Heiko Maas offen für Verschärfung des Sexualstrafrechts
LINKE fordert: Nein muss Nein heißen / Deutschen Frauenrat nennt bisherigen Entwurf unzulänglich
Berlin. Bundesjustizminister Heiko Maas (SPD) ist offen für weitere Verschärfungen im Sexualstrafrecht. In der ersten Debatte über die von ihm geplanten Änderungen am Donnerstag im Bundestag sagte Maas, er sei »gern bereit« über weitere Regelungen zu sprechen. Insbesondere die Diskussion um die sogenannten Grabscher-Fälle werde er »positiv begleiten«. Er wünsche sich, dass die Änderungen »zügig« beschlossen werden. Kritiker aus dem Parlament hatten zuvor moniert, dass die Verschärfungen im Sexualstrafrecht nicht ausreichten, um Frauen umfassend zu schützen.

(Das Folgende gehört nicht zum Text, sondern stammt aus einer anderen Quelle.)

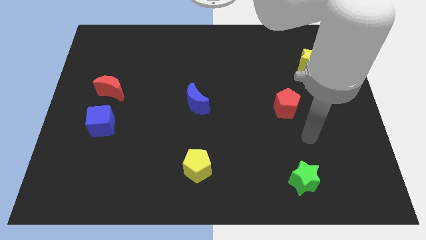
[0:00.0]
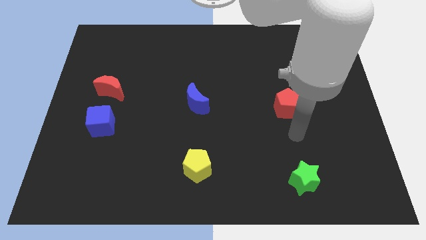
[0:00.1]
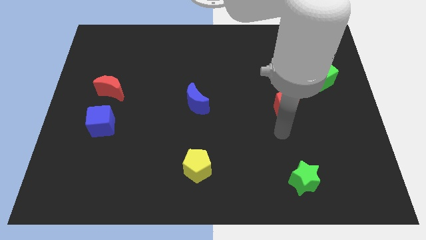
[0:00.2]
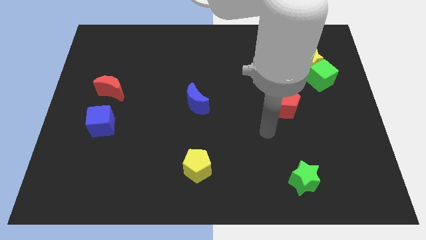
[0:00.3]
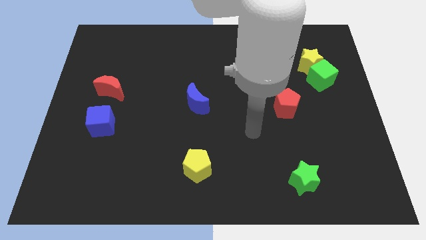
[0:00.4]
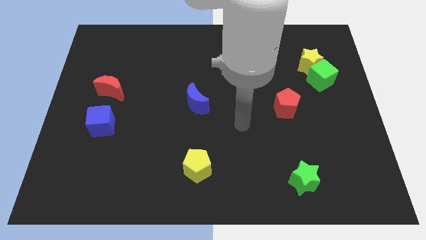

Mit der von Maas geplanten Verschärfung des Sexualstrafrechts sollen auch Taten bestraft werden, bei der die Täter Überraschungsmomente oder Widerstandsunfähigkeit ausgenutzt oder dem Opfer Angst eingeflößt haben, so dass es sich nicht traute, sich zu wehren. Maas sagte, das Strafrecht zeige hier bislang »eklatante Schutzlücken«. Die Verurteilungsquote bei sexueller Gewalt und Nötigung liege bei nur acht Prozent. Frauen fühlten sich deshalb nur selten ermuntert, Taten auch strafrechtlich ahnden zu lassen.
Vor der Bundestagsdebatte über die Verschärfung des Sexualstrafrechts hat sich SPD-Fraktionsvize Carola Reimann für Änderungen an dem Gesetzentwurf ausgesprochen. Geklärt werden müsse vor allem, wie der Grundsatz »Nein heißt Nein« umgesetzt werden könne, sagte Reimann am Donnerstag im ZDF-»Morgenmagazin«. Kritiker fordern, dass ein klar ausgesprochenes »Nein« ausreichen müsse, damit eine sexuelle Handlung strafbar wird.
Zudem müsse für sexuelle Belästigung endlich ein Straftatbestand geschaffen werden, forderte Reimann. »Das werden wir als eigenen Paragrafen noch hinzufügen müssen«, sagte sie. Sexuelle Belästigung etwa am Arbeitsplatz sei ein großes Problem.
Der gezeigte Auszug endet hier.